Warehouse Dispatch

Warehouse Efficiency: KPIs for an Effective Operation

Posted by Reid Curley on May 16, 2017 8:00:00 AM

shutterstock_605229779.jpgWhen it comes to warehouse efficiency, we often think in loose, global terms. Everybody wants to run a more efficient warehouse, but we rarely think about the calculations that actually make up the warehouse efficiency picture. Boosting your warehouse efficiency requires more than just a vague idea about tightening up sloppy processes. It means deciding on a few Key Performance Indicators (KPIs) that can be measured and tested month after month for effectiveness.


Fulfillment of orders is one of the best ways to look at warehouse efficiency. It can be broken down into several precise metrics that can illuminate how your business is really doing on the ground. For instance:

  • What does your order fulfillment timeline look like?

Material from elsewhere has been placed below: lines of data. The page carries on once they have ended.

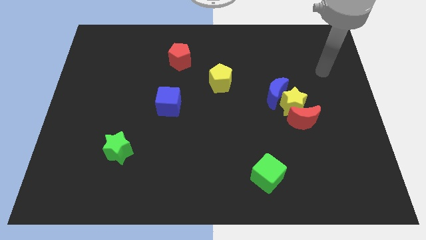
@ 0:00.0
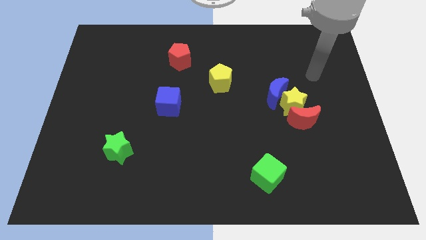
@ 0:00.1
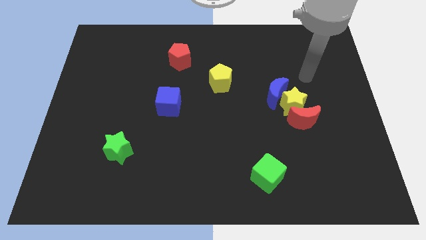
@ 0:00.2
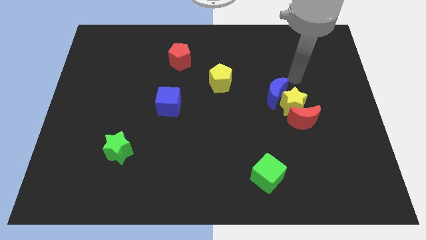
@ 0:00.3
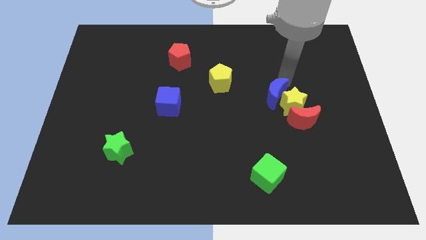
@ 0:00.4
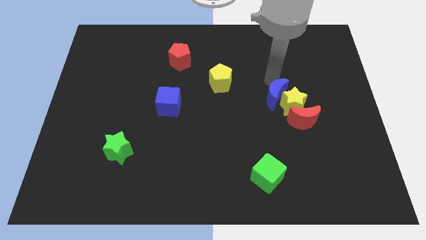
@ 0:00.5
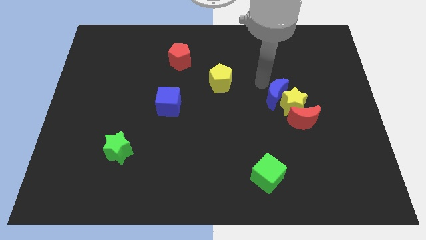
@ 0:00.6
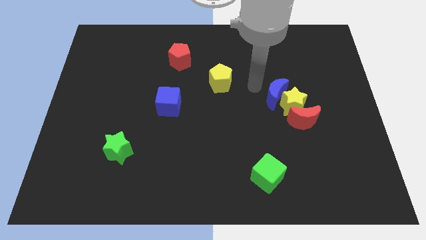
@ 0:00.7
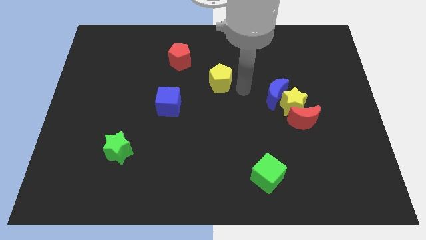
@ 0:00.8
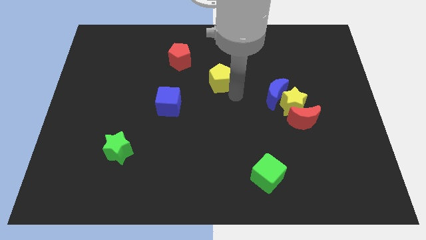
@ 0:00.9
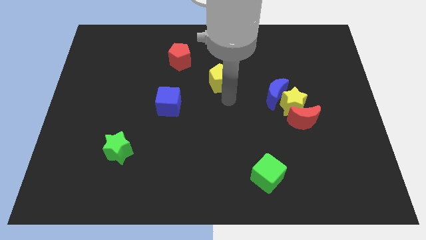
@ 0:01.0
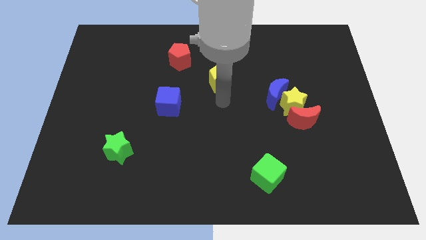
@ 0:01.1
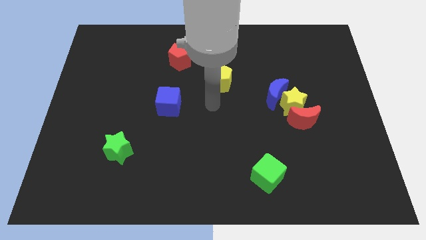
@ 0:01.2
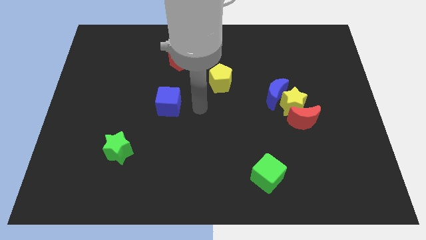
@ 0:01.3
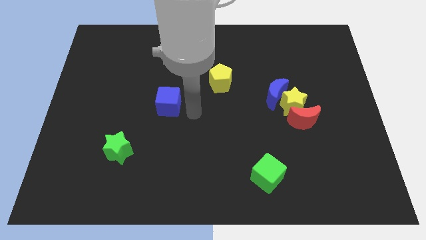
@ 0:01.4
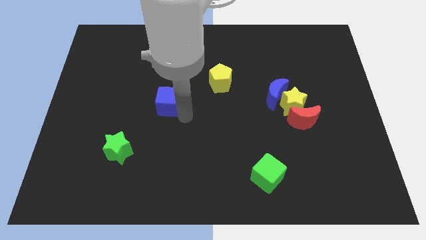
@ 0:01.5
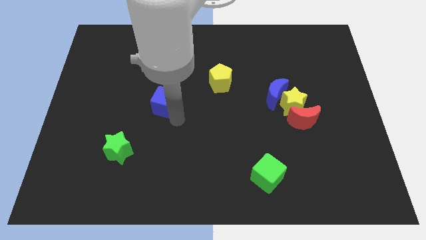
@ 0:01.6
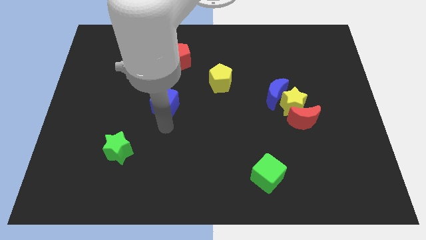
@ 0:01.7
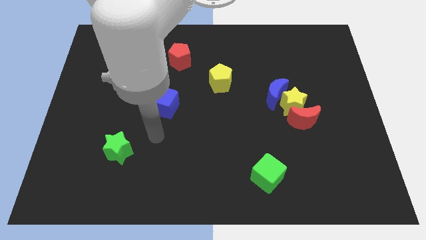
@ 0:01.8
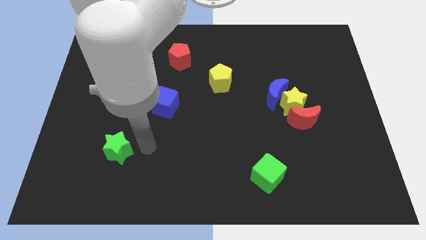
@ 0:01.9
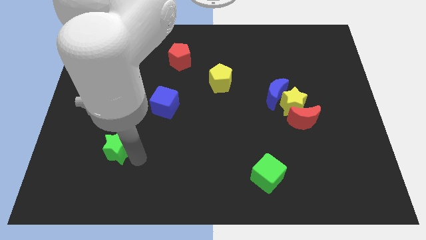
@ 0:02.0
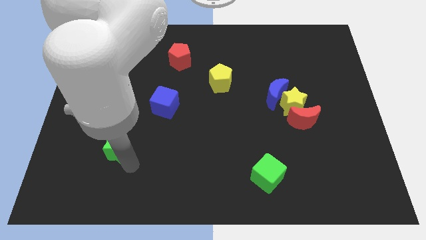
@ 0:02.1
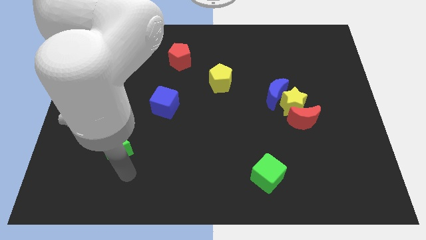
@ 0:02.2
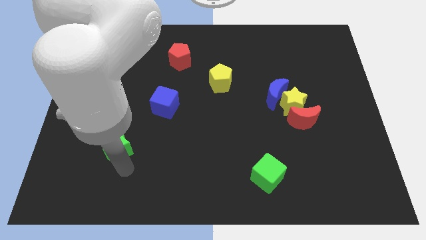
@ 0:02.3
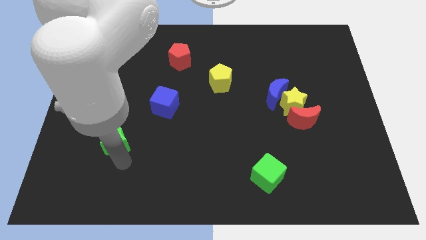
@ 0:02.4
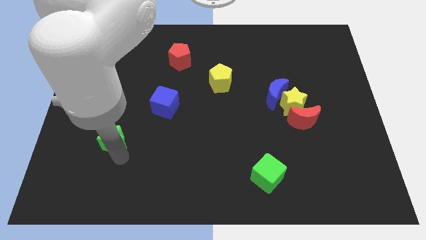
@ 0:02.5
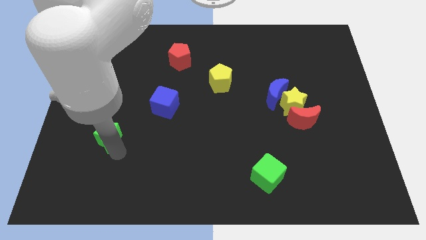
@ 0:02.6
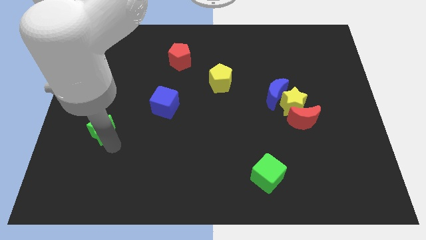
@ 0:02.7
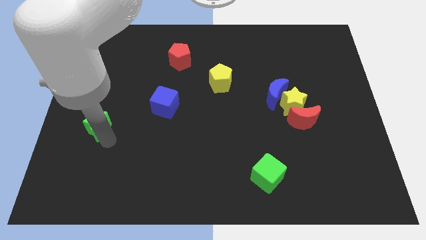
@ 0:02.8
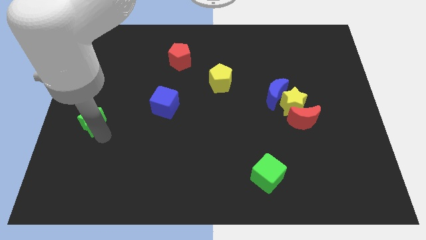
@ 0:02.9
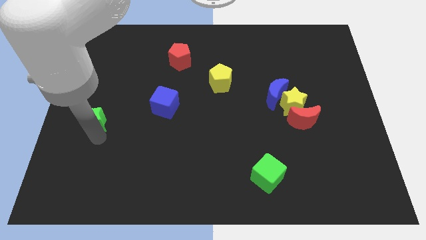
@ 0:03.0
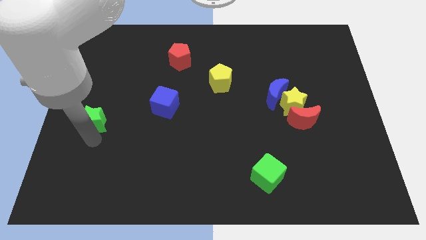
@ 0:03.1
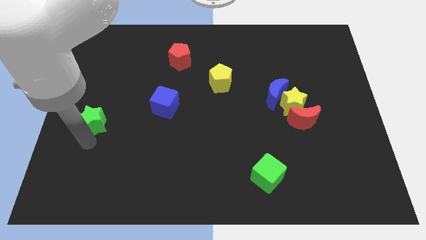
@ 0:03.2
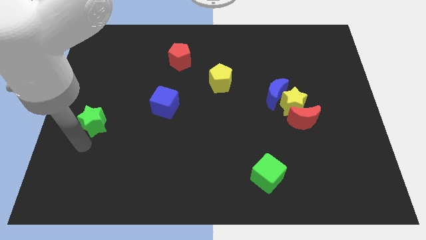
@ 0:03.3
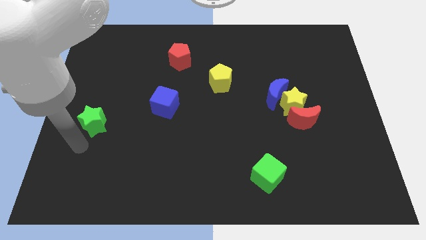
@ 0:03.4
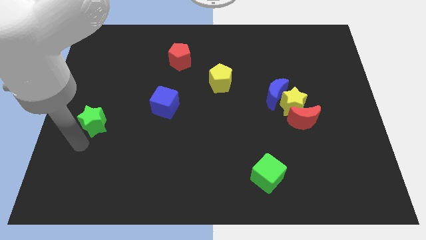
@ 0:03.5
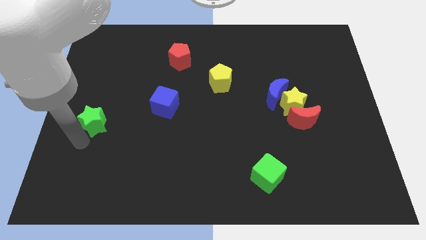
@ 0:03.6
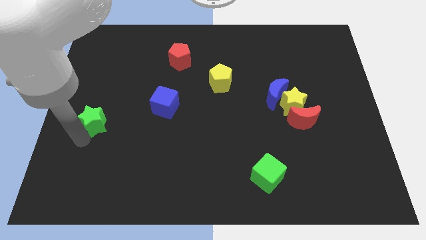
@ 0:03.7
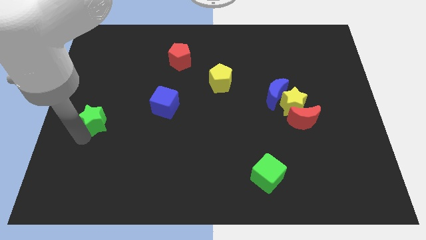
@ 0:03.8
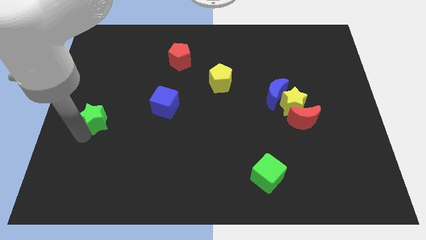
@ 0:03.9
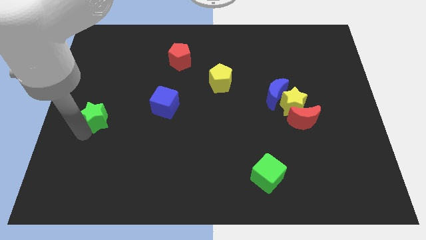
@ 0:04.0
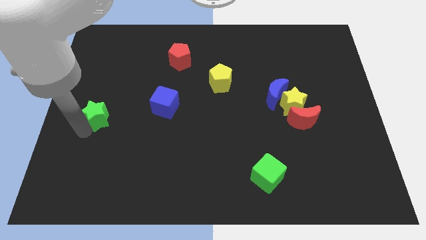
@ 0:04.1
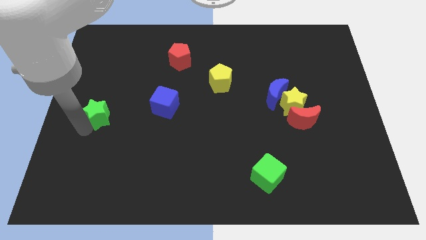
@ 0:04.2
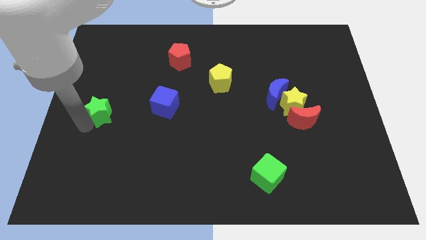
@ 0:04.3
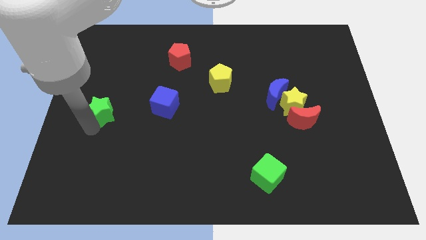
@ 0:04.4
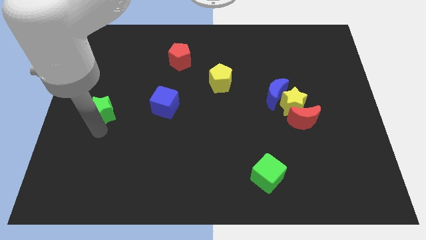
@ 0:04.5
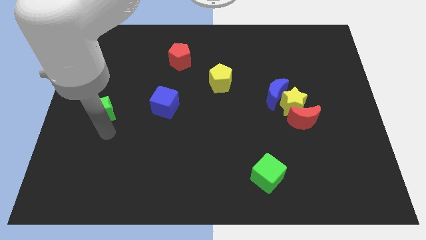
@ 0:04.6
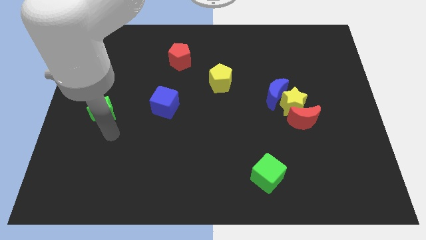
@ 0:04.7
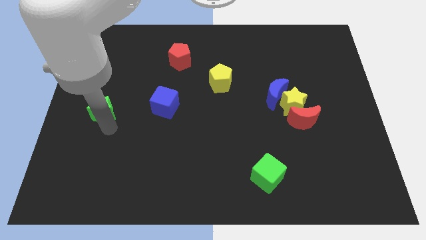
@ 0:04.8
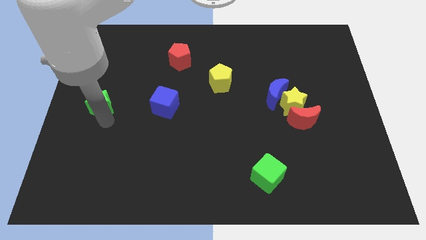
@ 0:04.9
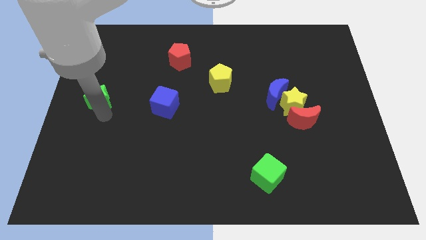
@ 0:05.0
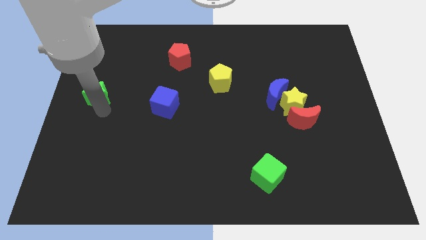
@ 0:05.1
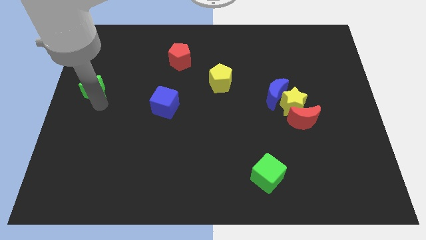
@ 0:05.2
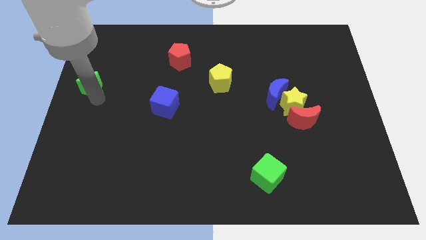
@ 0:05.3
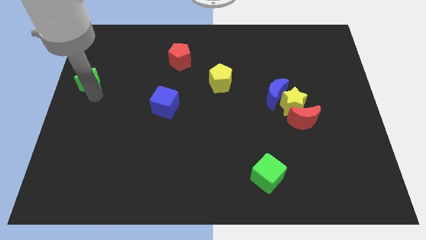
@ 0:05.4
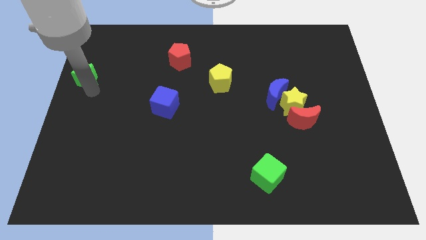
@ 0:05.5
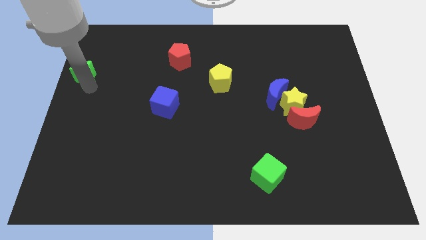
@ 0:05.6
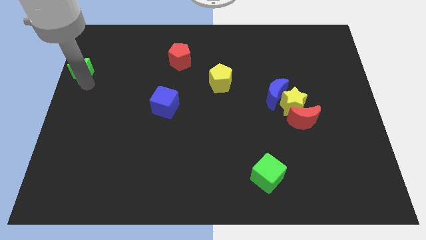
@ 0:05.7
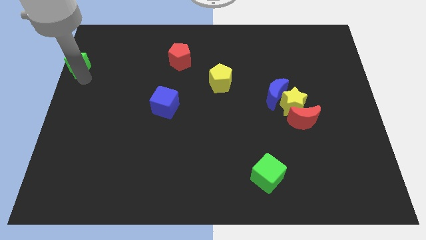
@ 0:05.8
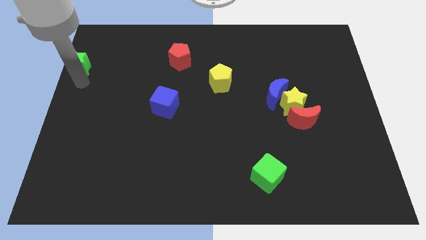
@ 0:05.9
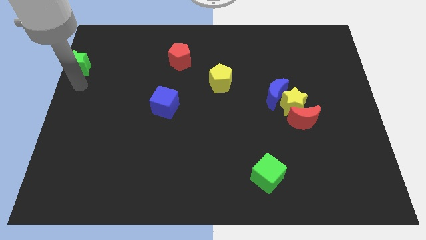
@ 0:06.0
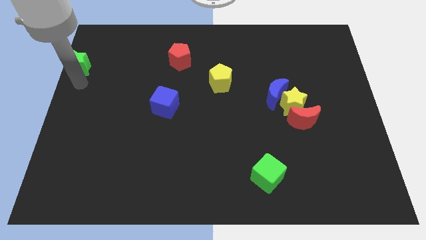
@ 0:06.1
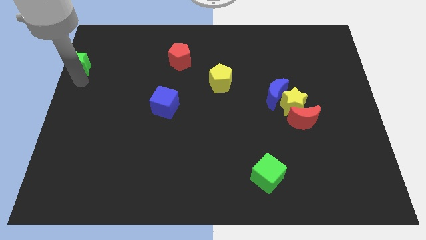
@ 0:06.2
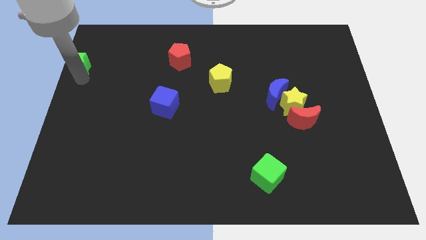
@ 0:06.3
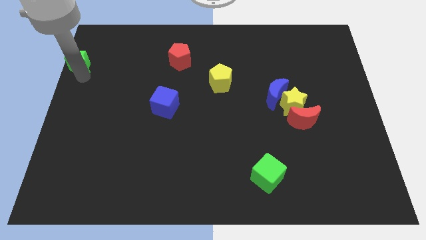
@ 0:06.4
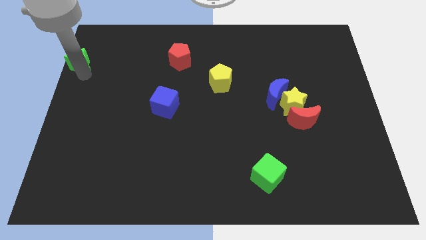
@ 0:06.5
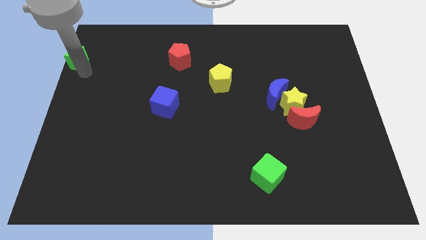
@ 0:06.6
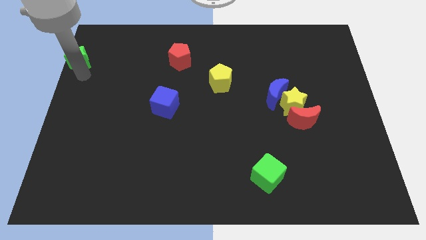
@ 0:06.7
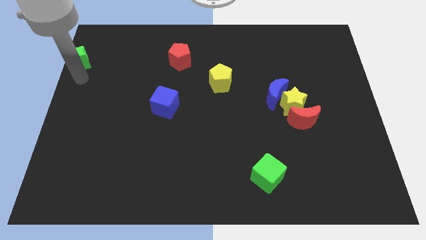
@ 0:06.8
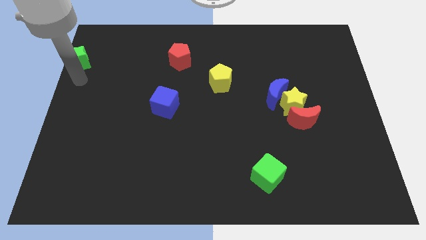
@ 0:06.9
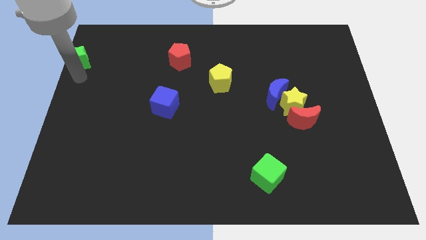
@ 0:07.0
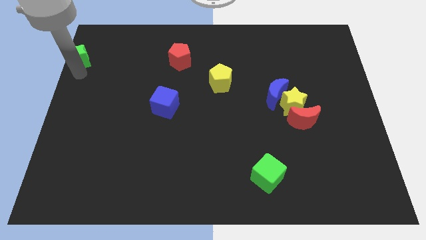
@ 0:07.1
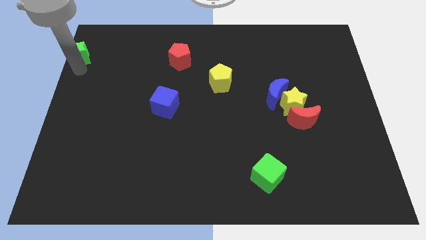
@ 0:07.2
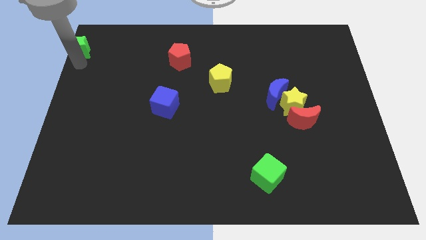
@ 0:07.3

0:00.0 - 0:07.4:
move the green star to the top left corner

How fast are you turning orders and getting them out the door?
  • What percentage of orders are being successfully fulfilled? That includes getting the orders to the correct customer, on time, with all of the correct items in good condition.
  • What does your order accuracy look like? How many orders are returned for incorrect or damaged items? How many complaints are you receiving for missing items?

Order accuracy is often the place where you will have the greatest opportunity for improvement. Reducing the number of accuracy errors pays greater dividends than almost any other improvement you can make. However, you must be honest with yourself about your current accuracy issues to really take advantage of those gains.

Warehouse Utilization

The other half of the warehouse efficiency puzzle is warehouse and human resource utilization. This can also be broken down into many parts to see how each element affects the bigger picture:

  • Amount of space available vs. space in use
  • Labor availability vs. labor usage
  • Equipment availability vs. equipment usage
  • Amount of waste produced in labor
  • Waste produced by overbuying inventory, damaged inventory, etc.
  • Waste caused by broken equipment, or inappropriate equipment for the task at hand
  • Time lost due to injuries and unsafe working conditions
  • Waste produced by manual processes that could be digitized (paper waste, foot travel, etc.)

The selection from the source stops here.